The charge of hypocrisy would carry some weight if Justice Thomas were criticizing those who benefit from preferences or exhorting young blacks to shun them. But his objection to preferences is a matter of law and policy. To say that the rules are unjust is not to say that people shouldn't play by them. Many whites support racial preferences; is their view illegitimate if in some way they owe their wealth or position to past discrimination?

Even as Justice Thomas's critics pillory him for putative hypocrisy, President Clinton's defenders applaud his hypocrisy in apparently concealing extramarital affairs. "We all lie about sex, or if we don't, [we] should," wrote a San Diego Union-Tribune columnist last month. Here hypocrisy is the tribute that vice pays to virtue. Disclosing an affair, the argument goes, compounds the betrayal, subjecting the wronged wife to additional pain and embarrassment. Keeping it secret may save a troubled marriage, and it allows the unfaithful husband and his mistress to remain respectable in the eyes of the community.

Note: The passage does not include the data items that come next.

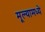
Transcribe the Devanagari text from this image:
मूल्यामध्ये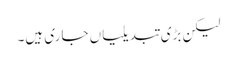
لیکن بڑی تبدیلیاں جاری ہیں۔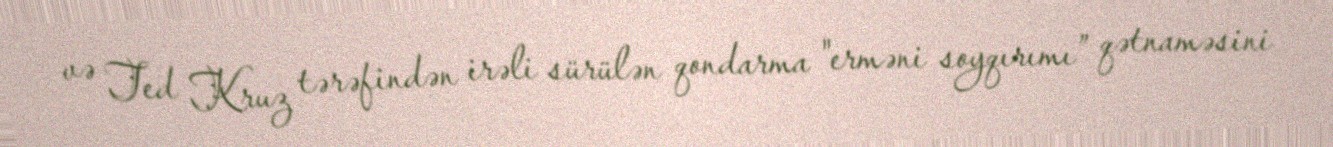
və Ted Kruz tərəfindən irəli sürülən qondarma "erməni soyqırımı” qətnaməsini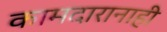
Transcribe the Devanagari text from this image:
कामदारानाही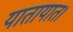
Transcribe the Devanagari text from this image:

As a matter of custom and manners, such a view has much to recommend it. Mr. Clinton, however, is suspected not merely of concealing an affair, but of lying about it under oath and obstructing justice by tampering with witnesses in a legal case. Because the justice system's imperative is to uncover truth, not to keep up appearances, the law has little room for hypocrisy.

Moreover, sexual harassment law, which made possible Mr. Clinton's current predicament, is a product of contemporary feminism, an ideology that rejects Victorian hypocrisy in favor of the slogan "The personal is political." Male sexual aggressiveness in the workplace, in the feminist view, is a means by which the "patriarchy" subjugates women, and inquisitions into such behavior--exemplified by the Anita Hill imbroglio during Justice Thomas's confirmation hearings--are necessary to vindicate the equality of the sexes.

Yet the feminists who ardently believed Ms. Hill have largely stood by Mr. Clinton amid Paula Jones's and Kathleen Willey's accusations of sexual misconduct. In April the National Organization for Women briefly considered supporting Ms. Jones in her case against the president, but decided against it after polling its state and national leaders. NOW's president, Patricia Ireland, explained that the group determined Ms. Jones's lawsuit was unworthy of support because it was backed by "disreputable right-wing organizations." The personal is political, it seems, except when politics dictates otherwise.

This hypocrisy does not necessarily mean the feminist position lacks merit, and some feminists, notably the antipornography crusader Andrea Dworkin, have stuck to their principles, attacking the president as vigorously as they did Justice Thomas. But the definition of sexual harassment is unsettled, and the feminist position is a controversial one. If mainstream feminists are willing to abandon their principles for the sake of political expediency, especially in such a celebrated case, they will have difficulty persuading the public to embrace those principles.

Ms. Tripp, like Mr. Clinton, stands accused of hypocrisy in her personal life: She pretended to be Monica Lewinsky's confidante while surreptitiously recording their conversations and relaying Ms. Lewinsky's secrets to prosecutors and to Ms. Jones's lawyers. We need only consult the dictionary to find Ms. Tripp guilty as charged--but her hypocrisy in betraying Ms. Lewinsky is defensible as being in the service of a greater good. Ms. Tripp, after all, had been served with a subpoena by Ms. Jones's lawyers and was legally obliged to tell them the truth. She knew the public would disbelieve her and the White House would pillory her if she didn't have evidence to back up her claims.

Secretly recording conversations is a standard technique of law enforcement; every informant or undercover cop could fairly be branded a hypocrite. So what? Employing deceit to catch criminals may be unsporting, but criminals themselves are almost always hypocrites. If they weren't, they would simply confess and save the rest of us the trouble and expense of prosecuting them.